Typical cases: A certain company was not only ordered to pay double the salary difference for not renewing the contract, but also ordered by the court to pay compensation for illegal termination of the labor contract due to the illegal termination of the labor relationship in a state where the contract was deemed to have no fixed term. A missing contract directly resulted in a dual loss of "wage difference+compensation" for the enterprise.
3、 Systemic risk outbreak
In addition to the direct compensation mentioned above, not signing a labor contract will also trigger a series of chain reactions, dragging the enterprise into more complex difficulties.
On the one hand, in reality, many companies do not sign labor contracts, often accompanied by failure to pay social insurance in accordance with the law. Once an employee suffers a work-related injury accident, even without a written contract, as long as the factual labor relationship can be proven, the enterprise must bear all the work-related injury benefits and expenses stipulated in the Work Injury Insurance Regulations, including medical expenses, disability subsidies, etc. This expense is often several times higher than the normal payment of social insurance. At the same time, employees can file complaints with the social security department at any time, demanding that the company make up for all social security contributions and bear high late fees.
On the other hand, for enterprises with development ambitions, labor and employment compliance is the core focus of due diligence and listing review for investors. If investors or regulatory agencies discover a significant history of unsigned labor contracts in a company, they will directly determine that the company has serious internal control deficiencies. This may lead to three consequences: investors significantly lower the valuation of the company; Request to reserve a large amount of funds in investment funds as potential dispute reserves; The process of enterprise listing has been hindered, and years of efforts have been in vain.

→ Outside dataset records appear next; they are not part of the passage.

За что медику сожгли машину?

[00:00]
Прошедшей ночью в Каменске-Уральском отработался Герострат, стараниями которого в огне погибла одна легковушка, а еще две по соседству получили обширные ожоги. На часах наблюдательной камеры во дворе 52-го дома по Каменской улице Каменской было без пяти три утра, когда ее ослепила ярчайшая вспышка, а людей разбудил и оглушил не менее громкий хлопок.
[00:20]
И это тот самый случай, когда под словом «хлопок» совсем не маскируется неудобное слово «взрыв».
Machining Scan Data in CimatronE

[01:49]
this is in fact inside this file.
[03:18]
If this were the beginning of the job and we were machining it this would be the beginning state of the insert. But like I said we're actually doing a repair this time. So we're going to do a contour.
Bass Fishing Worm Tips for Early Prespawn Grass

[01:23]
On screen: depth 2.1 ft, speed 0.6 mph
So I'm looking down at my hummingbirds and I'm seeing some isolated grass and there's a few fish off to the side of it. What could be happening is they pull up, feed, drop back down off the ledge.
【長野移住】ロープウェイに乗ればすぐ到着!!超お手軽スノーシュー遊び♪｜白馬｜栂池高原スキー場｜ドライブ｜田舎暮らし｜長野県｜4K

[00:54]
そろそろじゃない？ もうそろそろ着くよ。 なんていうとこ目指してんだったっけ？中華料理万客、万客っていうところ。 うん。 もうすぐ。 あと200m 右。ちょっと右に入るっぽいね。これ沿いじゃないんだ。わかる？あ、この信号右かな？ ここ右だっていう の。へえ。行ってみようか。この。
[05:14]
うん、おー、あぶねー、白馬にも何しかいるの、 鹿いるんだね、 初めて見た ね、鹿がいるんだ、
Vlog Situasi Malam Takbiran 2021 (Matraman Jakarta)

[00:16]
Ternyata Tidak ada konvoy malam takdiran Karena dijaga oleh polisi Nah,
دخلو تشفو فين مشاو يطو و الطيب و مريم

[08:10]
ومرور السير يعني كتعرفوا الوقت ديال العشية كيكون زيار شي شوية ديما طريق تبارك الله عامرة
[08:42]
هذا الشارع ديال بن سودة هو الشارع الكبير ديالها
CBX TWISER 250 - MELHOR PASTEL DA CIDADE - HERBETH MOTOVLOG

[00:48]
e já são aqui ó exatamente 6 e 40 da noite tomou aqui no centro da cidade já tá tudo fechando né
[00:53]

4、 Eliminate risks at the starting point
Enterprise management focuses on risk control rather than post remediation. A thin labor contract is the legal cornerstone that regulates the rights and obligations of both parties and safeguards the autonomy of the enterprise in employment. We suggest:
Firstly, strictly adhere to the "one month" red line. It is essential to complete the signing and stamping process of the written labor contract within one month from the date of the employee's employment, which is the most basic and critical point.
Secondly, establish a contract expiration warning mechanism. Set up early warning for fixed-term labor contracts, with dedicated personnel following up to ensure timely renewal and avoid a vacuum period of "contract expiration without renewal, employees continuing to work".
Finally, embed compliance into the onboarding process. Make signing labor contracts and handling social security registration a necessary step for new employees to join. Employees who fail to complete these processes will not be arranged for formal employment, in order to eliminate risks from the source.
Conclusion
Disregarding the mandatory provisions of the law and seeking temporary "convenience" and "convenience" will ultimately be repaid at several times or even dozens of times the cost. For enterprises, compliant employment is never an additional cost, but the most fundamental and necessary investment for the healthy and long-term development of the enterprise. A small labor contract can hold the bottom line of a company's employment and avoid unnecessary losses. This' deal 'is much more cost-effective than remedying afterwards.